According to Le Figaro newspaper, 3/4 of the foie gras sold in France is sold to celebrate New Years. It is the traditional holiday offering. While the French have cut back on wine drinking apparently eating foie gras is up 16 per cent from last year (at least during the holidays). After all, you have the entire year to put good intentions to practice. All the good news regarding foie gras sales arrives in spite of two setbacks in the American and Chinese markets. The practice of force feeding geese (called ‘le gavage’) has caused an American reaction including the making the sale of foie gras illegal in some places such as Chicago ( and perhaps by 2012 in California).
In China, it is not a question of posturing as saviours of geese, but healthy competition. Foie gras is now being produced outside of Shanghai with imported French geese.
Should it be the government’s role to decide about how food arrives at your table — if we begin looking at the cruel practices of slaughtering you might just as well end up being vegetarian. Not a bad thought.

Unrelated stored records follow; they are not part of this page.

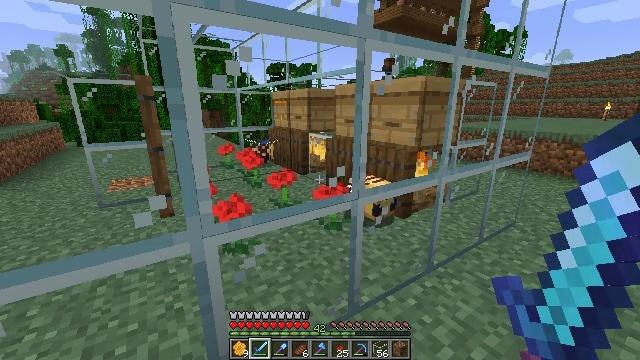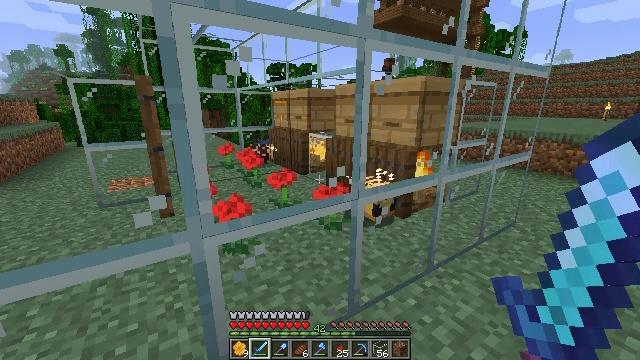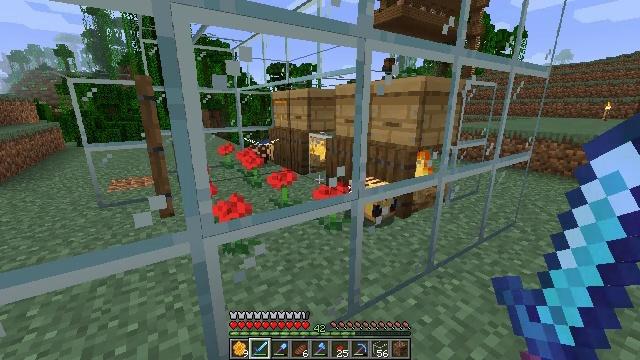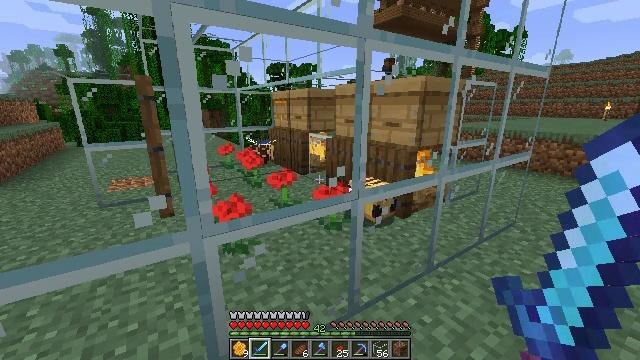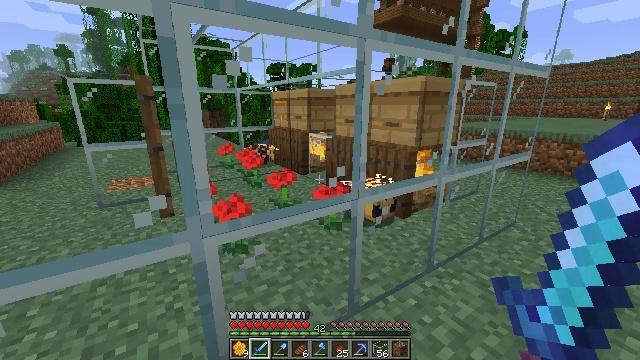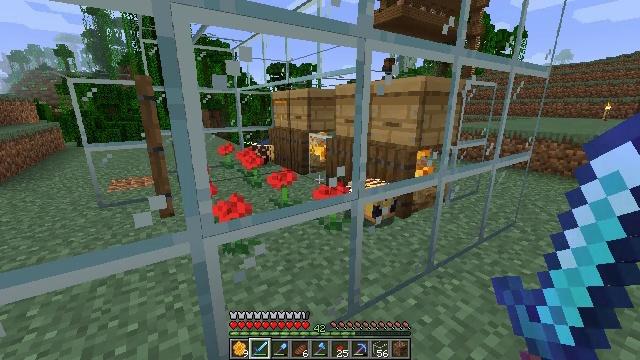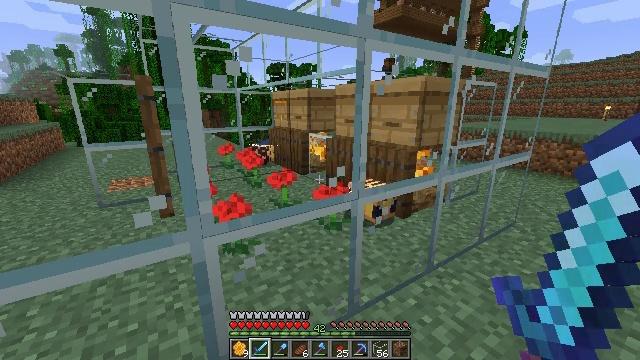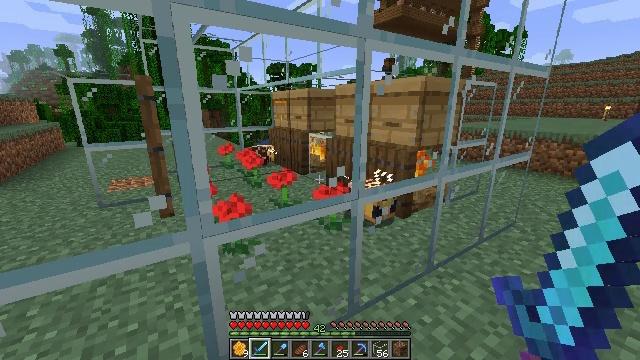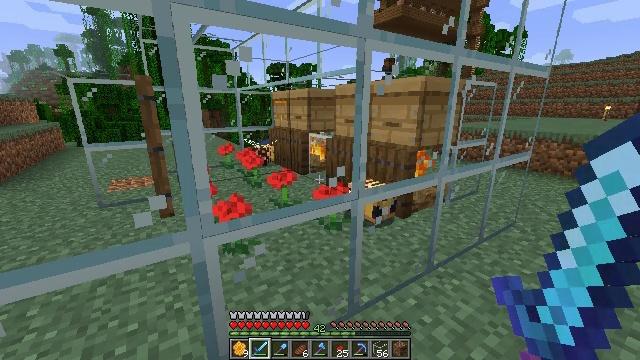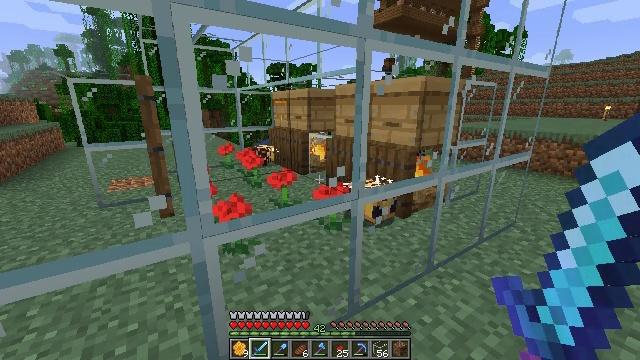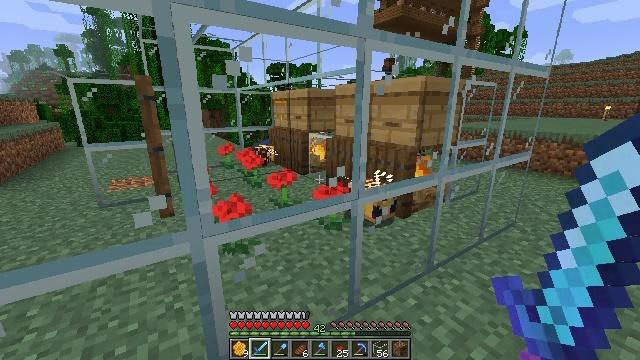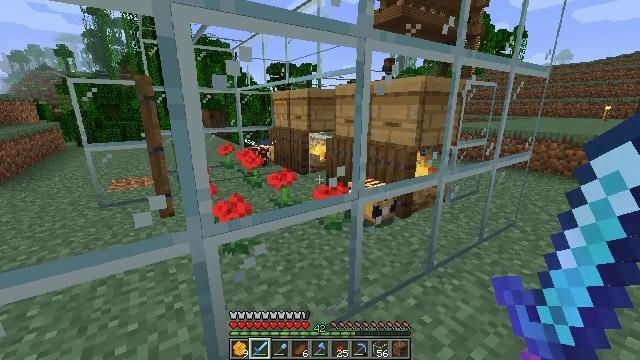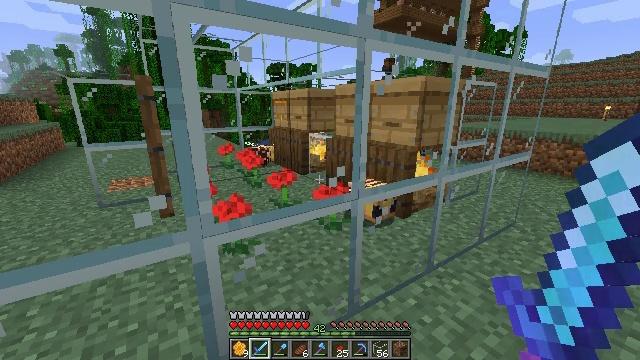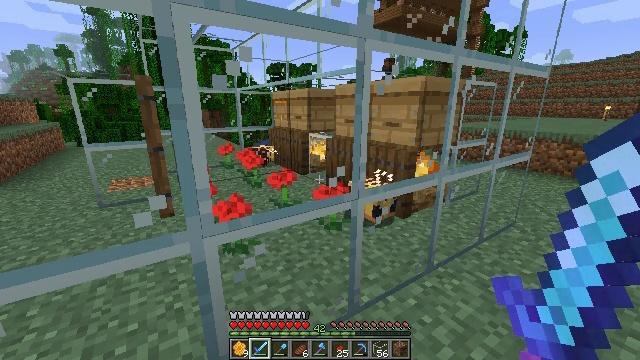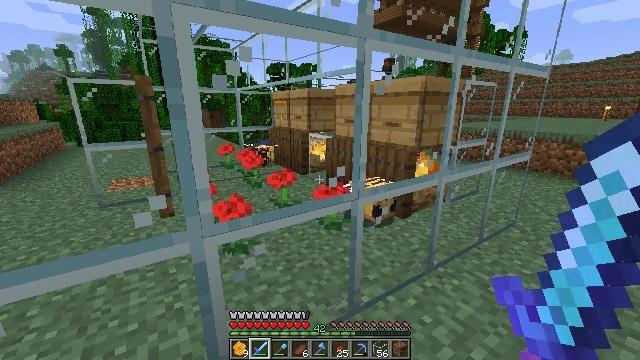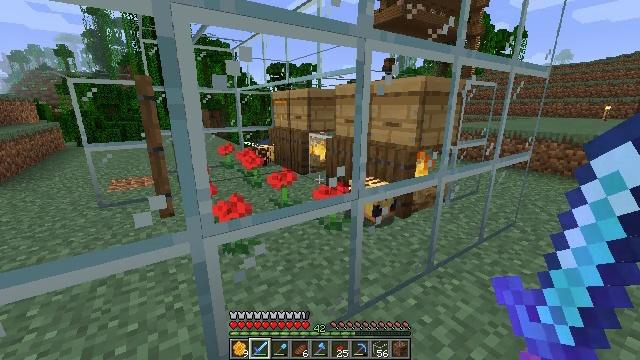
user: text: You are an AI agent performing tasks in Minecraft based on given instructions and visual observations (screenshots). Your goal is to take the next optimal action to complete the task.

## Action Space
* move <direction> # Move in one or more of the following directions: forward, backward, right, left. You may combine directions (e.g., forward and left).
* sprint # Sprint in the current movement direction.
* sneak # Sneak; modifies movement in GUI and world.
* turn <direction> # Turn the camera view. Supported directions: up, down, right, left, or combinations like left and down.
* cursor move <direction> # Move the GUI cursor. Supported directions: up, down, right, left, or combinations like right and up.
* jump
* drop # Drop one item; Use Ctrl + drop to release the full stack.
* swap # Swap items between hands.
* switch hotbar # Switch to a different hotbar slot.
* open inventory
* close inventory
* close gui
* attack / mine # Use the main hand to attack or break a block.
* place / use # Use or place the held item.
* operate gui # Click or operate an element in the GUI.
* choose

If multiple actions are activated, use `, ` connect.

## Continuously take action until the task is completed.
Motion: motion action
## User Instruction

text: Collect the beehive for bees.
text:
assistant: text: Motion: no_op
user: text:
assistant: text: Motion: no_op
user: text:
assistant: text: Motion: no_op
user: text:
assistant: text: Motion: no_op
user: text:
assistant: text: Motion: no_op
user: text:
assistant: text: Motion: no_op
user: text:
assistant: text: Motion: no_op
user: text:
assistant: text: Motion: no_op
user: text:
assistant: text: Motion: no_op
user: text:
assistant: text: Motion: no_op
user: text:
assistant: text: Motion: no_op
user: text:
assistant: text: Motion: no_op
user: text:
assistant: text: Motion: no_op
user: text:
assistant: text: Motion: no_op
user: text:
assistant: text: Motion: no_op
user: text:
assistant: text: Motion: no_op
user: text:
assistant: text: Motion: no_op
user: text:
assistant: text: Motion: no_op
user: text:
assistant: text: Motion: no_op
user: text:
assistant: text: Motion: no_op
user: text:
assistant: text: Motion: no_op
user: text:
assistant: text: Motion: no_op
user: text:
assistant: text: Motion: no_op
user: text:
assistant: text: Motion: no_op
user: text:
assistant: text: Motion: no_op
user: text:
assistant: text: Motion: no_op
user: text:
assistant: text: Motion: no_op
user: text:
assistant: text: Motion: no_op
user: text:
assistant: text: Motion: no_op
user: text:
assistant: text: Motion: no_op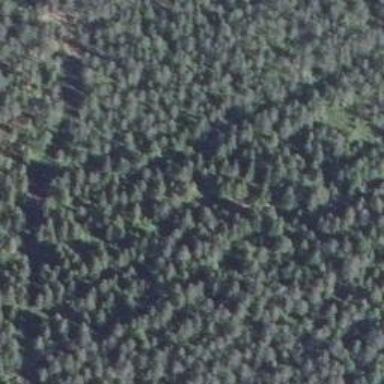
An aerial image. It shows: Needle-leaved woodland.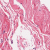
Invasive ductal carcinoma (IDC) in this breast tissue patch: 0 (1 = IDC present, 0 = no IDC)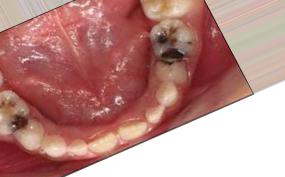
Condition: Caries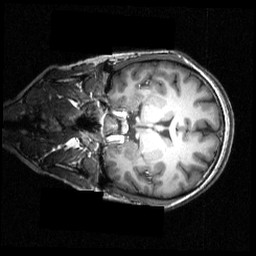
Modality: T1w
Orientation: coronal
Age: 20
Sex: female
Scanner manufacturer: siemens
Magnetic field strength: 3.951 T
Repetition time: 1.5 s
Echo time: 0.00335 s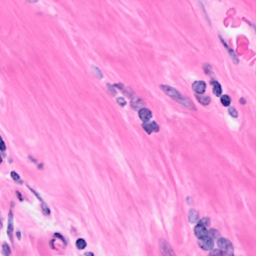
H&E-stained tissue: Breast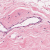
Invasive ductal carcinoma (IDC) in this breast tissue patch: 0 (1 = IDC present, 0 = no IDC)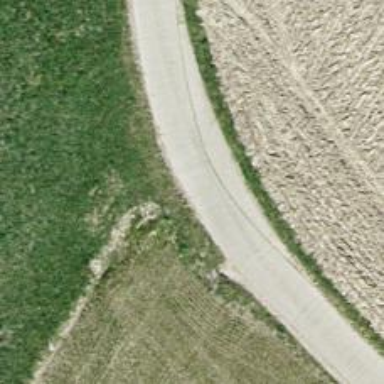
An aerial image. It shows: Concrete track with grade 1 standard.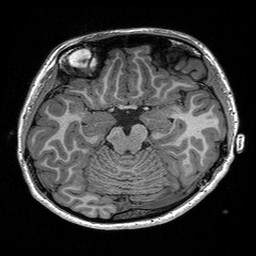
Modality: T1w
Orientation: coronal
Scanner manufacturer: siemens
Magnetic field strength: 3 T
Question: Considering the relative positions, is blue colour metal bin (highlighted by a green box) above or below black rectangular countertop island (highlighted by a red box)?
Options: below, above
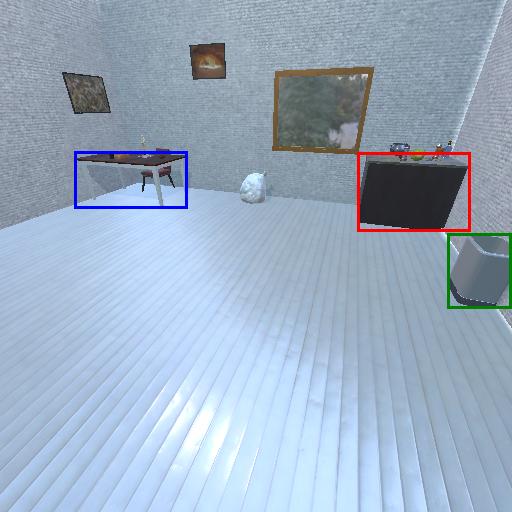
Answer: below

One of the issues not menioned in Le Figaro article is the use of hormones to increase the livers of geese – this, of course, is just local hearsay if you happen to be in the local Perigord region – as we were staying at a bed and breakfast of a farmer who was talking about the geese farm at the bottom of the hill. We had asked about the horrid smell at the bottom of the hill. “You know they use hormones there,” are B&B host said. But this is only heresay. None of this has stopped me from enjoying foie gras. Maybe my new year’s resolution for 2007 will be to quit eating foie gras (after New Year’s until New Year’s 2008).